— Your instructions —
With every picture left out, give the data below back exactly.

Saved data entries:
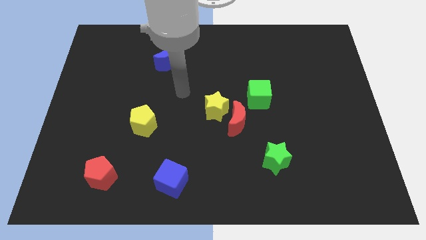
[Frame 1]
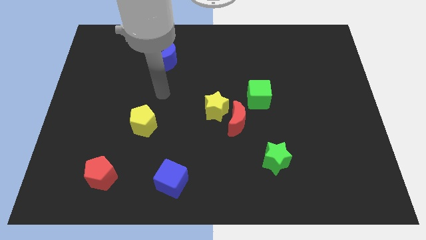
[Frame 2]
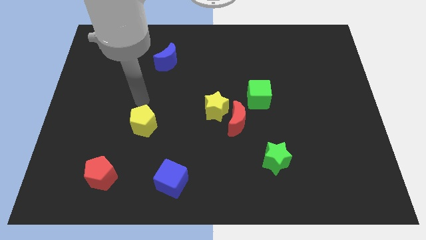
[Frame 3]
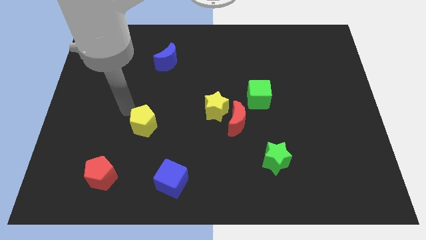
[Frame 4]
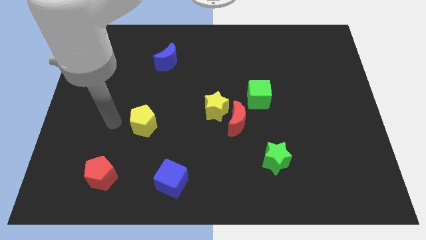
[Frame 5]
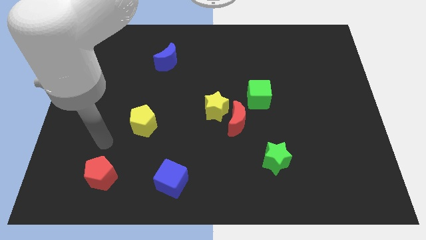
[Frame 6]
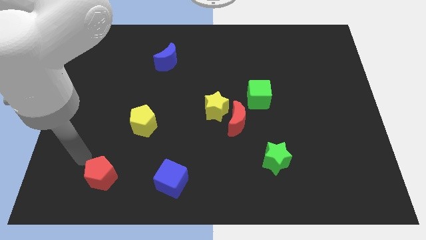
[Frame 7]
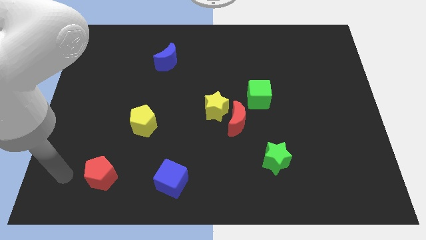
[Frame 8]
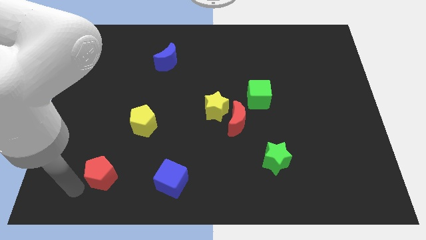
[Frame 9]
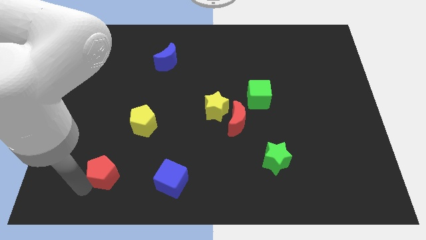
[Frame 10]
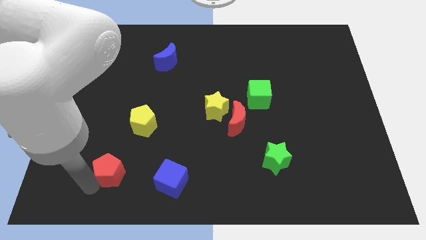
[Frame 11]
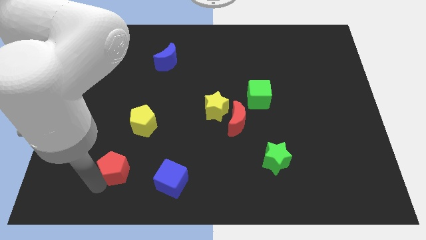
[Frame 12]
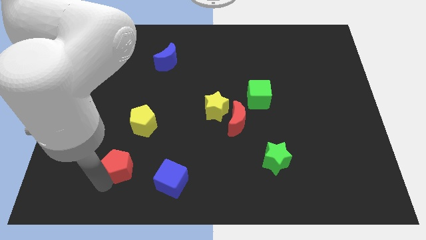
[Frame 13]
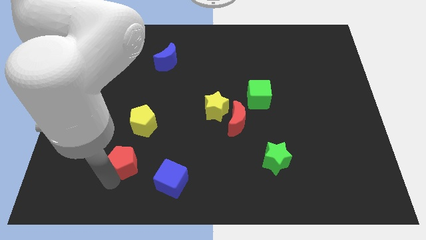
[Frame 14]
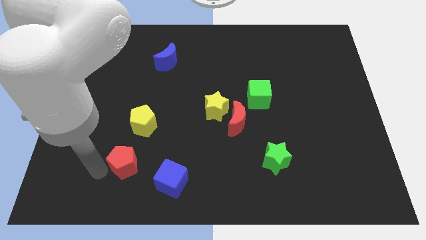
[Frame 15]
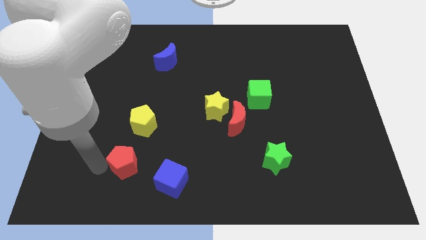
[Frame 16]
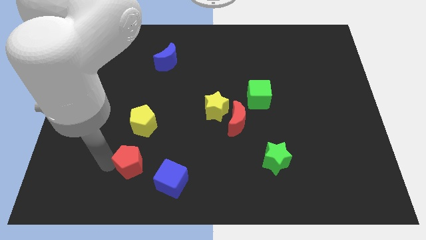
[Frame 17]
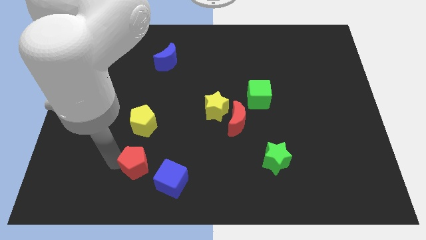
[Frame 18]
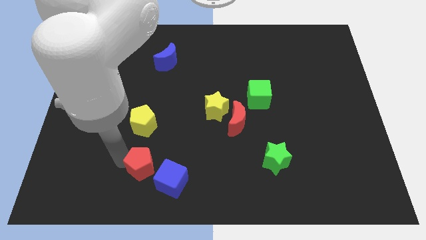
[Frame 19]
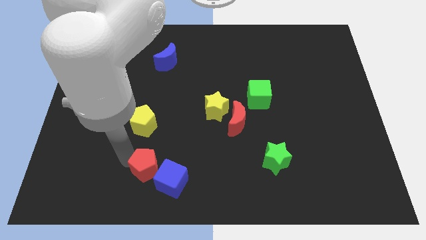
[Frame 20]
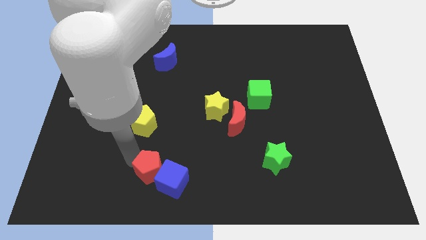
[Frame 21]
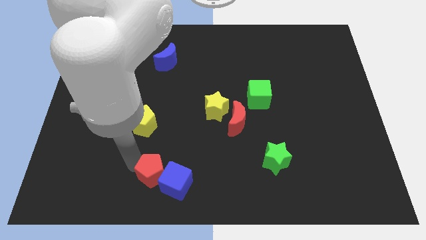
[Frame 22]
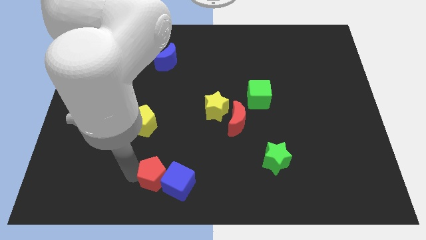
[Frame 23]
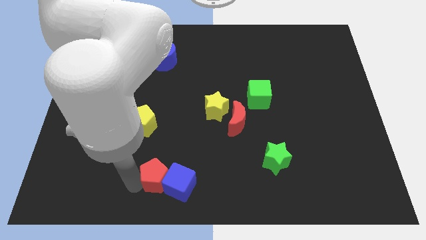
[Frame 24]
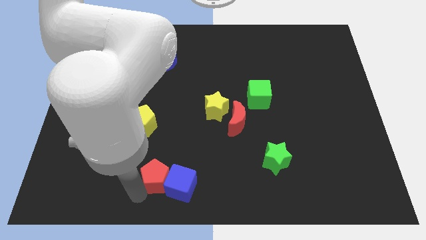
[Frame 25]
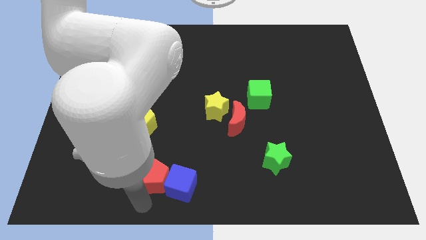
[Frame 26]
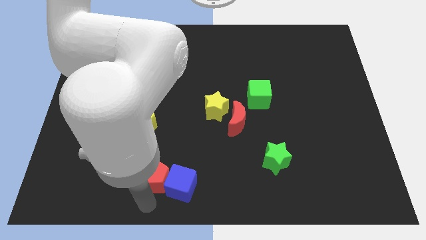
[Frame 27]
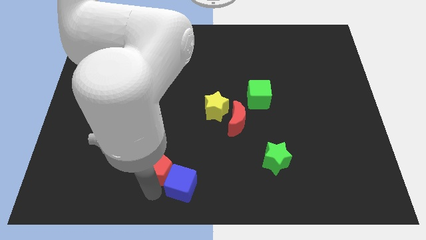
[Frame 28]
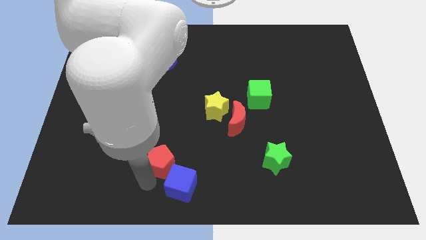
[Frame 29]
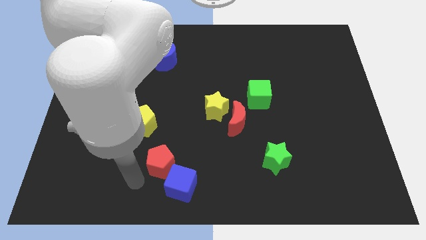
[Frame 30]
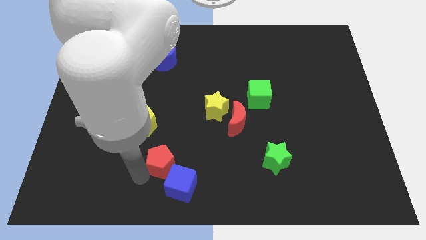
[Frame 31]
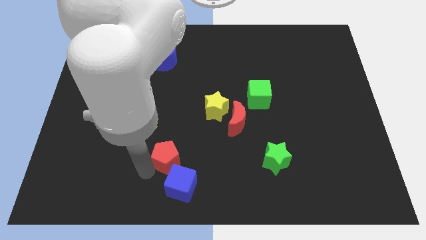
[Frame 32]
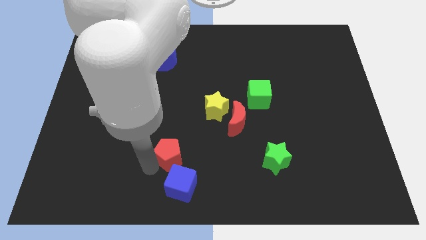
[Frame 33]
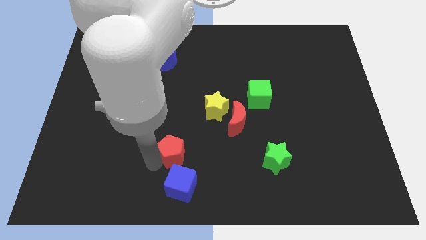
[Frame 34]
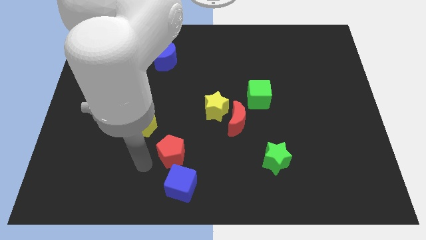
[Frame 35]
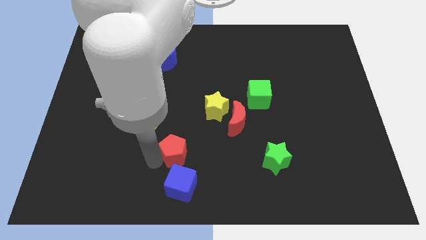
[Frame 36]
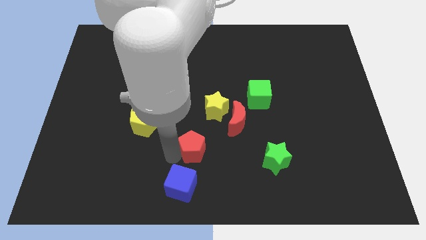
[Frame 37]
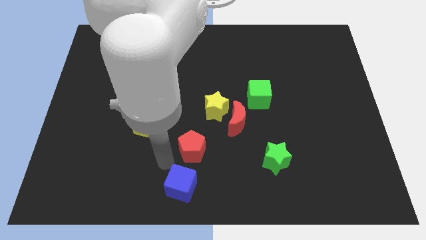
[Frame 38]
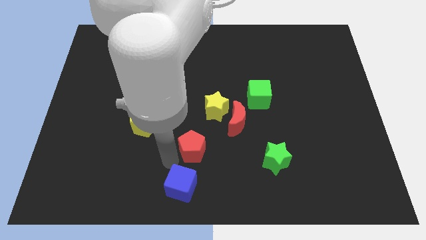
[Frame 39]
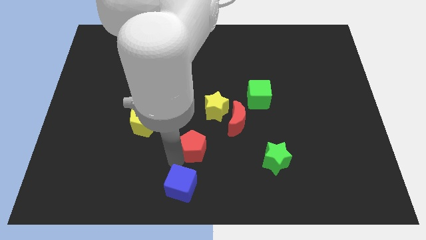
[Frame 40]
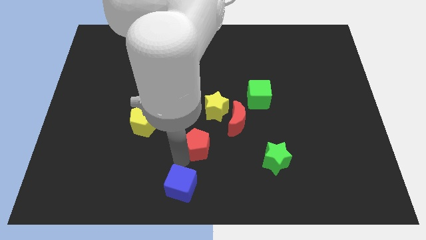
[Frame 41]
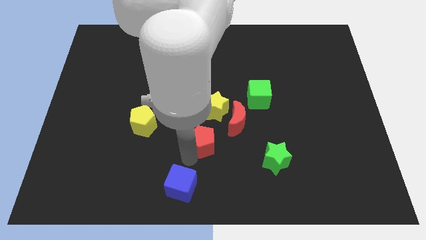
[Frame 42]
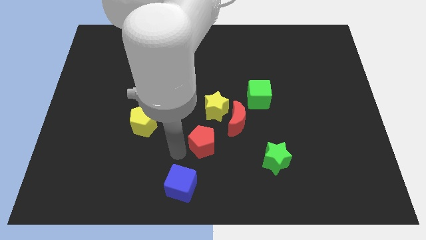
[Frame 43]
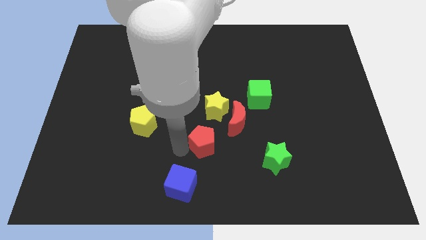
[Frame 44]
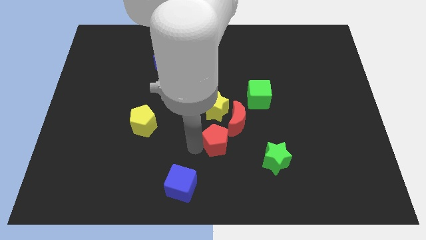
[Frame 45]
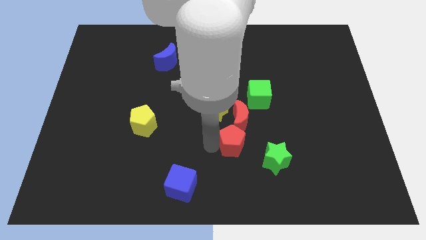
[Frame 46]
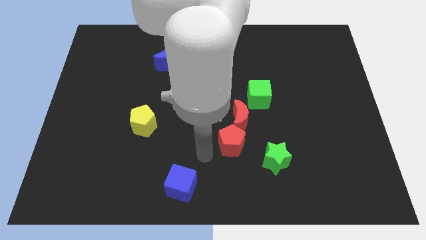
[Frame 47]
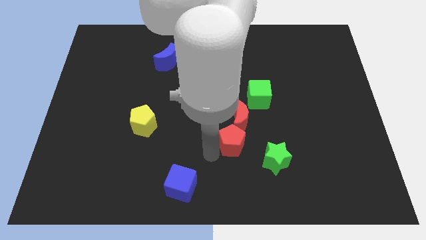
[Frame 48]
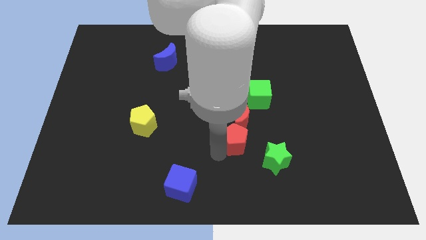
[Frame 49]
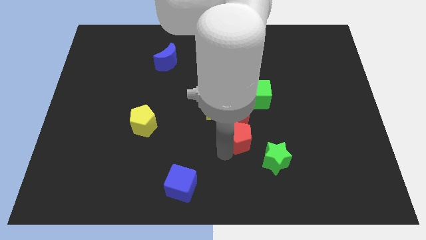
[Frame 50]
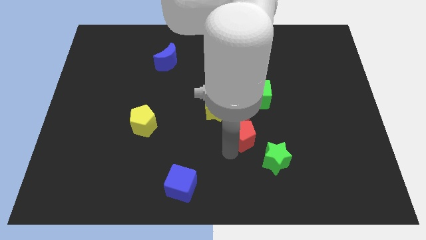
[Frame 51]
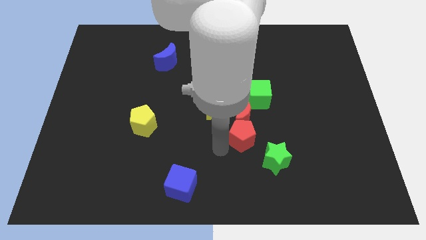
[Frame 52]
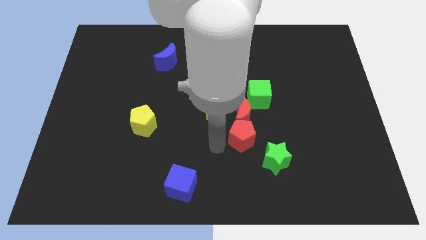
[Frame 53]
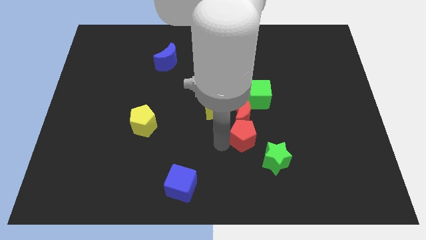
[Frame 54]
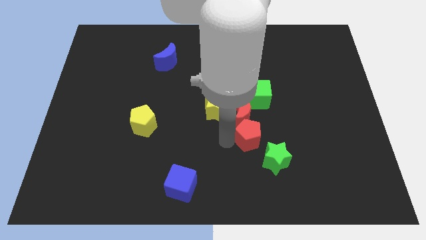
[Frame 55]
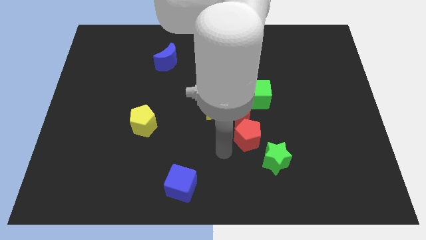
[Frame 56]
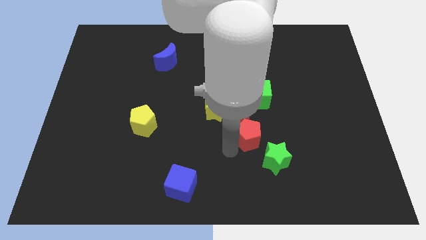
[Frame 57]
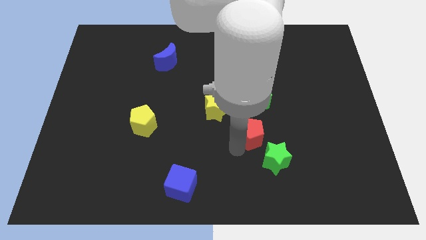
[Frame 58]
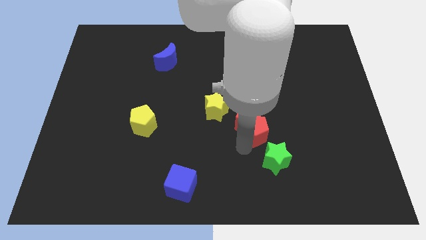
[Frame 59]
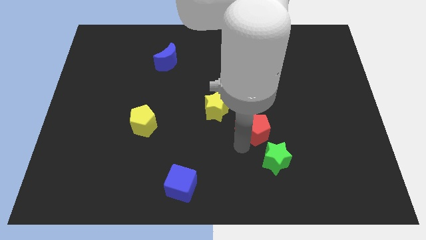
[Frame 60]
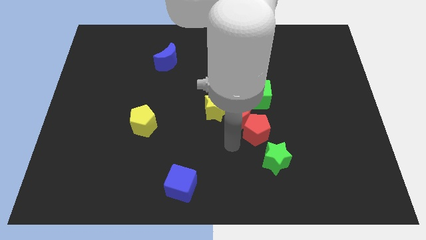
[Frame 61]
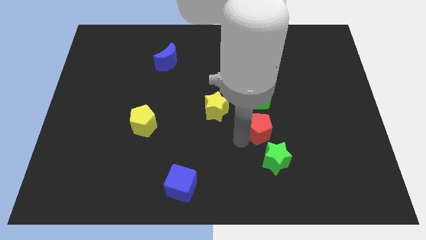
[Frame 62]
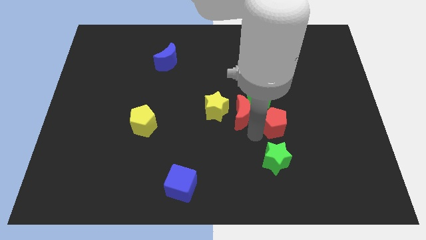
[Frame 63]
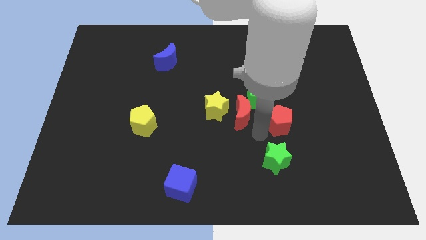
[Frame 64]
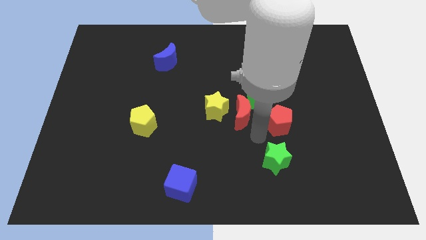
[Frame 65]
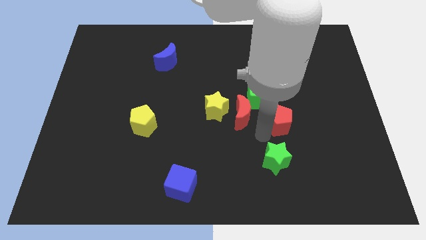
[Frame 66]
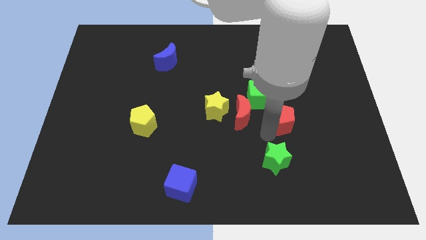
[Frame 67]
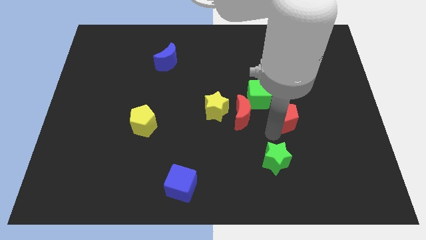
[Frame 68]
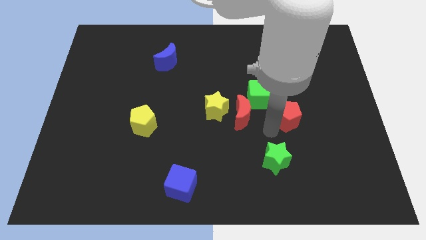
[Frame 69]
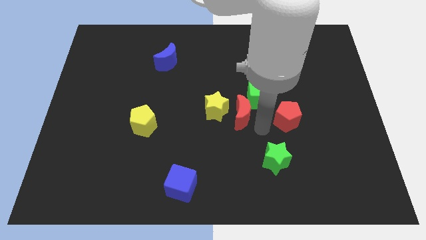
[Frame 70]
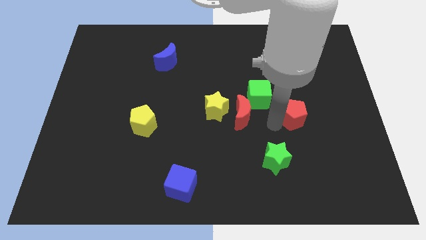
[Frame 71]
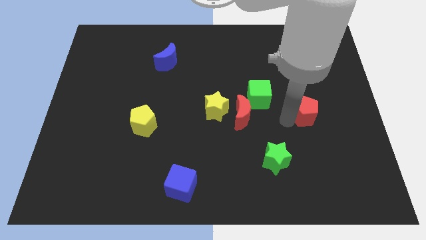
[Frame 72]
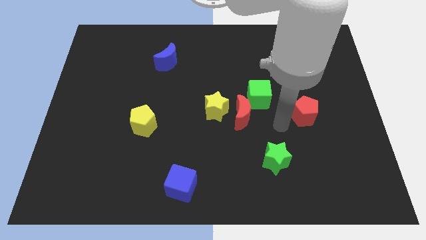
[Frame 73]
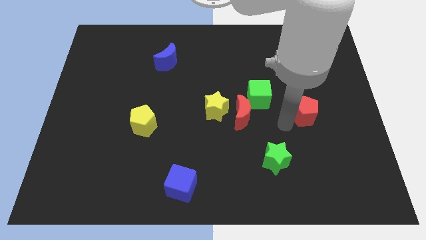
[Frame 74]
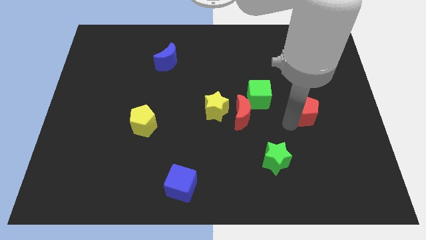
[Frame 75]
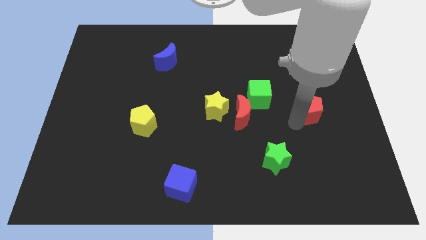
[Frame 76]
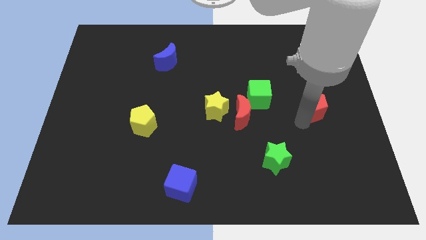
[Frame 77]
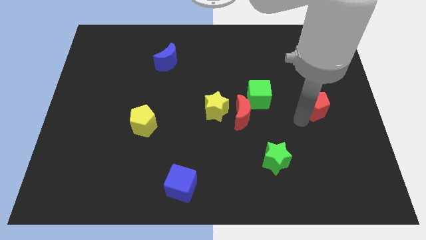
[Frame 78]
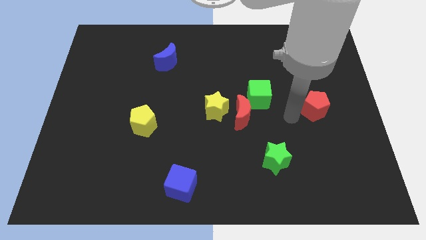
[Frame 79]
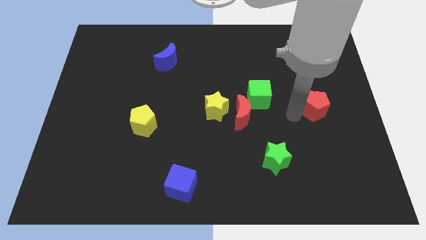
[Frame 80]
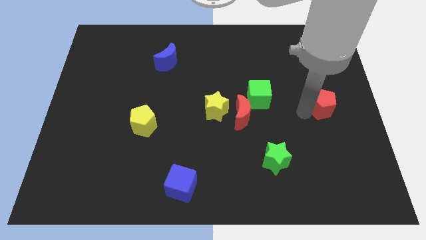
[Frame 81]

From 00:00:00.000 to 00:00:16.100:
put the red pentagon to the right side of the board

— Result for this exercise —
[Frame 1]
[Frame 2]
[Frame 3]
[Frame 4]
[Frame 5]
[Frame 6]
[Frame 7]
[Frame 8]
[Frame 9]
[Frame 10]
[Frame 11]
[Frame 12]
[Frame 13]
[Frame 14]
[Frame 15]
[Frame 16]
[Frame 17]
[Frame 18]
[Frame 19]
[Frame 20]
[Frame 21]
[Frame 22]
[Frame 23]
[Frame 24]
[Frame 25]
[Frame 26]
[Frame 27]
[Frame 28]
[Frame 29]
[Frame 30]
[Frame 31]
[Frame 32]
[Frame 33]
[Frame 34]
[Frame 35]
[Frame 36]
[Frame 37]
[Frame 38]
[Frame 39]
[Frame 40]
[Frame 41]
[Frame 42]
[Frame 43]
[Frame 44]
[Frame 45]
[Frame 46]
[Frame 47]
[Frame 48]
[Frame 49]
[Frame 50]
[Frame 51]
[Frame 52]
[Frame 53]
[Frame 54]
[Frame 55]
[Frame 56]
[Frame 57]
[Frame 58]
[Frame 59]
[Frame 60]
[Frame 61]
[Frame 62]
[Frame 63]
[Frame 64]
[Frame 65]
[Frame 66]
[Frame 67]
[Frame 68]
[Frame 69]
[Frame 70]
[Frame 71]
[Frame 72]
[Frame 73]
[Frame 74]
[Frame 75]
[Frame 76]
[Frame 77]
[Frame 78]
[Frame 79]
[Frame 80]
[Frame 81]

From 00:00:00.000 to 00:00:16.100:
put the red pentagon to the right side of the board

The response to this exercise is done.